Om mijn punt te illustreren neem ik als voorbeeld een eenvoudige wiskundige bewerking. Als twee breuken aan elkaar gelijk zijn kun je dat ook opschrijven als twee producten die aan elkaar gelijk zijn. Je kunt van de ene naar de andere schrijfwijze overgaan via een regel die wij vroeger noemden “kruiselings vermenigvuldigen”. Maar een docent op de basisschool die ik daarover sprak zei: “Nee, dat is een truc! Tegenwoordig leren wij de kinderen dat heel anders, met meer inzicht en begrip”. Hoe ben ik trouwens vergeten. Ik wil niet zeggen dat de moderne methode slechter is. Als je gewend bent aan een andere manier om twee breuken weg te werken is dat natuurlijk prima en begrijp je het op een andere manier. Er is niet één manier om iets te begrijpen. Begrijpen is hoe je omgaat met je kennis. Het gaat om de kennis, die is niet afhankelijk van de persoon, begrijpen wel. Er is niks mis met kruiselings vermenigvuldigen, ook al is het een trucje.

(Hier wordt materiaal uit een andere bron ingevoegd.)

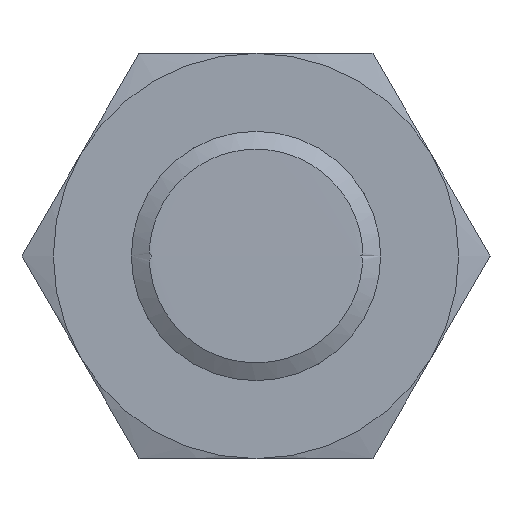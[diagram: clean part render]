
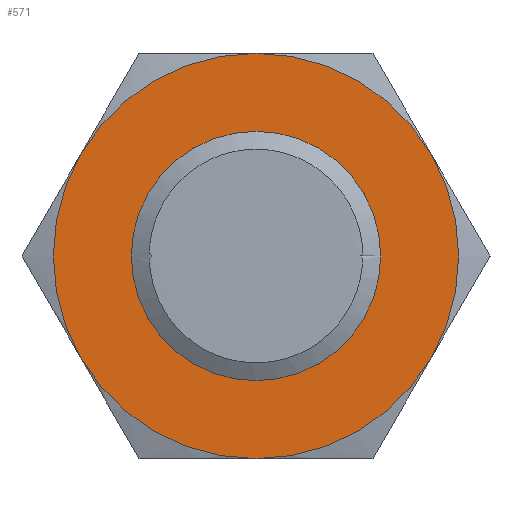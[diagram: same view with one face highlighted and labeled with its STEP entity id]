
A CAD part, front view. The second image highlights one B-rep face of the part: STEP entity #571.
In plain terms, the highlighted planar face has unit normal (0, -1, 0).
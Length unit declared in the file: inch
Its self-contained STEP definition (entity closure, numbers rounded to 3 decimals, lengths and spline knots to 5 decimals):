
#50 = CARTESIAN_POINT ( 'NONE',  ( 0., -1.27165, 0. ) ) ;
#78 = FACE_OUTER_BOUND ( 'NONE', #381, .T. ) ;
#82 = ORIENTED_EDGE ( 'NONE', *, *, #573, .F. ) ;
#120 = ORIENTED_EDGE ( 'NONE', *, *, #542, .F. ) ;
#127 = CARTESIAN_POINT ( 'NONE',  ( 0., -1.27165, 0. ) ) ;
#150 = VERTEX_POINT ( 'NONE', #1557 ) ;
#161 = VERTEX_POINT ( 'NONE', #373 ) ;
#191 = CIRCLE ( 'NONE', #1309, 0.25591 ) ;
#262 = EDGE_CURVE ( 'NONE', #1409, #1409, #565, .T. ) ;
#344 = ORIENTED_EDGE ( 'NONE', *, *, #1778, .F. ) ;
#373 = CARTESIAN_POINT ( 'NONE',  ( 0., -1.27165, -0.25591 ) ) ;
#381 = EDGE_LOOP ( 'NONE', ( #1487, #344, #1004, #1713, #120, #82 ) ) ;
#410 = DIRECTION ( 'NONE',  ( 0., 0., -1. ) ) ;
#418 = VERTEX_POINT ( 'NONE', #1784 ) ;
#439 = FACE_BOUND ( 'NONE', #1131, .T. ) ;
#457 = CARTESIAN_POINT ( 'NONE',  ( 0.25591, -1.27165, 0. ) ) ;
#476 = DIRECTION ( 'NONE',  ( 0., 0., -1. ) ) ;
#480 = DIRECTION ( 'NONE',  ( 0., 1., 0. ) ) ;
#534 = VERTEX_POINT ( 'NONE', #706 ) ;
#535 = AXIS2_PLACEMENT_3D ( 'NONE', #457, #717, #730 ) ;
#542 = EDGE_CURVE ( 'NONE', #1480, #161, #1386, .T. ) ;
#565 = CIRCLE ( 'NONE', #1578, 0.15748 ) ;
#571 = ADVANCED_FACE ( 'NONE', ( #439, #78 ), #1721, .F. ) ;
#573 = EDGE_CURVE ( 'NONE', #1115, #1480, #1038, .T. ) ;
#591 = DIRECTION ( 'NONE',  ( -1., 0., 0. ) ) ;
#600 = DIRECTION ( 'NONE',  ( -1., 0., 0. ) ) ;
#608 = AXIS2_PLACEMENT_3D ( 'NONE', #127, #1408, #797 ) ;
#611 = CARTESIAN_POINT ( 'NONE',  ( 0., -1.27165, 0. ) ) ;
#630 = DIRECTION ( 'NONE',  ( 0., 0., -1. ) ) ;
#665 = ORIENTED_EDGE ( 'NONE', *, *, #262, .T. ) ;
#706 = CARTESIAN_POINT ( 'NONE',  ( 0., -1.27165, 0.25591 ) ) ;
#717 = DIRECTION ( 'NONE',  ( 0., 1., 0. ) ) ;
#730 = DIRECTION ( 'NONE',  ( 0., 0., -1. ) ) ;
#797 = DIRECTION ( 'NONE',  ( 0., 0., -1. ) ) ;
#855 = DIRECTION ( 'NONE',  ( 0., 1., 0. ) ) ;
#864 = DIRECTION ( 'NONE',  ( 0., 1., 0. ) ) ;
#925 = EDGE_CURVE ( 'NONE', #534, #1115, #1017, .T. ) ;
#1004 = ORIENTED_EDGE ( 'NONE', *, *, #1554, .F. ) ;
#1017 = CIRCLE ( 'NONE', #1611, 0.25591 ) ;
#1021 = EDGE_CURVE ( 'NONE', #161, #418, #1407, .T. ) ;
#1024 = AXIS2_PLACEMENT_3D ( 'NONE', #1629, #1332, #1475 ) ;
#1038 = CIRCLE ( 'NONE', #1637, 0.25591 ) ;
#1115 = VERTEX_POINT ( 'NONE', #1302 ) ;
#1131 = EDGE_LOOP ( 'NONE', ( #665 ) ) ;
#1183 = CARTESIAN_POINT ( 'NONE',  ( 0., -1.27165, -0.15748 ) ) ;
#1222 = DIRECTION ( 'NONE',  ( 0., 1., 0. ) ) ;
#1290 = CIRCLE ( 'NONE', #608, 0.25591 ) ;
#1301 = CARTESIAN_POINT ( 'NONE',  ( 0., -1.27165, 0. ) ) ;
#1302 = CARTESIAN_POINT ( 'NONE',  ( 0.22162, -1.27165, 0.12795 ) ) ;
#1309 = AXIS2_PLACEMENT_3D ( 'NONE', #611, #1618, #600 ) ;
#1332 = DIRECTION ( 'NONE',  ( 0., 1., 0. ) ) ;
#1386 = CIRCLE ( 'NONE', #1517, 0.25591 ) ;
#1407 = CIRCLE ( 'NONE', #1024, 0.25591 ) ;
#1408 = DIRECTION ( 'NONE',  ( 0., 1., 0. ) ) ;
#1409 = VERTEX_POINT ( 'NONE', #1183 ) ;
#1450 = CARTESIAN_POINT ( 'NONE',  ( 0., -1.27165, 0. ) ) ;
#1475 = DIRECTION ( 'NONE',  ( 0., 0., -1. ) ) ;
#1480 = VERTEX_POINT ( 'NONE', #1660 ) ;
#1487 = ORIENTED_EDGE ( 'NONE', *, *, #925, .F. ) ;
#1517 = AXIS2_PLACEMENT_3D ( 'NONE', #1450, #855, #591 ) ;
#1554 = EDGE_CURVE ( 'NONE', #418, #150, #1290, .T. ) ;
#1557 = CARTESIAN_POINT ( 'NONE',  ( -0.22162, -1.27165, 0.12795 ) ) ;
#1578 = AXIS2_PLACEMENT_3D ( 'NONE', #50, #480, #630 ) ;
#1611 = AXIS2_PLACEMENT_3D ( 'NONE', #1301, #864, #476 ) ;
#1618 = DIRECTION ( 'NONE',  ( 0., 1., 0. ) ) ;
#1629 = CARTESIAN_POINT ( 'NONE',  ( 0., -1.27165, 0. ) ) ;
#1637 = AXIS2_PLACEMENT_3D ( 'NONE', #1807, #1222, #410 ) ;
#1660 = CARTESIAN_POINT ( 'NONE',  ( 0.22162, -1.27165, -0.12795 ) ) ;
#1713 = ORIENTED_EDGE ( 'NONE', *, *, #1021, .F. ) ;
#1721 = PLANE ( 'NONE',  #535 ) ;
#1778 = EDGE_CURVE ( 'NONE', #150, #534, #191, .T. ) ;
#1784 = CARTESIAN_POINT ( 'NONE',  ( -0.22162, -1.27165, -0.12795 ) ) ;
#1807 = CARTESIAN_POINT ( 'NONE',  ( 0., -1.27165, 0. ) ) ;

In de filosofie wordt “begrijpen” altijd gekoppeld aan “oorzaak” en “gevolg”. Je begrijpt een bepaalde gebeurtenis als je de oorzaak kunt onderscheiden en het gevolg kunt voorspellen. Maar stel dat ik naar een appel kijk, hoog in een boom (het mag ook een durian zijn, dat is iets spectaculairder), en ik zie dat het steeltje breekt. Dan weet ik dat die appel op de grond zal vallen en uit elkaar zal spatten. Ik weet dat omdat ik dat eerder gezien heb. In alle gevallen dat een appel los kwam van de boom viel hij op de grond. Ik kan zelfs concluderen dat met een durian hetzelfde zal gebeuren, hoewel ik die nog nooit heb zien vallen. Ik begrijp de essentie van het vallen, hoera! Maar eigenlijk is het begrip niks meer dan dat ik weet dat het gaat gebeuren. Ik ken zelfs de tweede wet van Newton waarmee ik kan uitrekenen hoe lang de valtijd is. Ik “begrijp” de vallende appel, en ik “begrijp” hoe ik met een kruiselingse vermenigvuldiging twee breuken kan wegwerken. Maar het is allemaal niet veel meer dan toepassen van kennis. Daarom pleit ik er ook voor – net als Dennett – om kinderen op school goed te trainen in kennis. De tafels van vermenigvuldiging, de staartdeling, het optellen en vermenigvuldigen van breuken, alles moet er zo stevig in zitten dat het er automatisch uit komt. En dan komt het begrip vanzelf mee.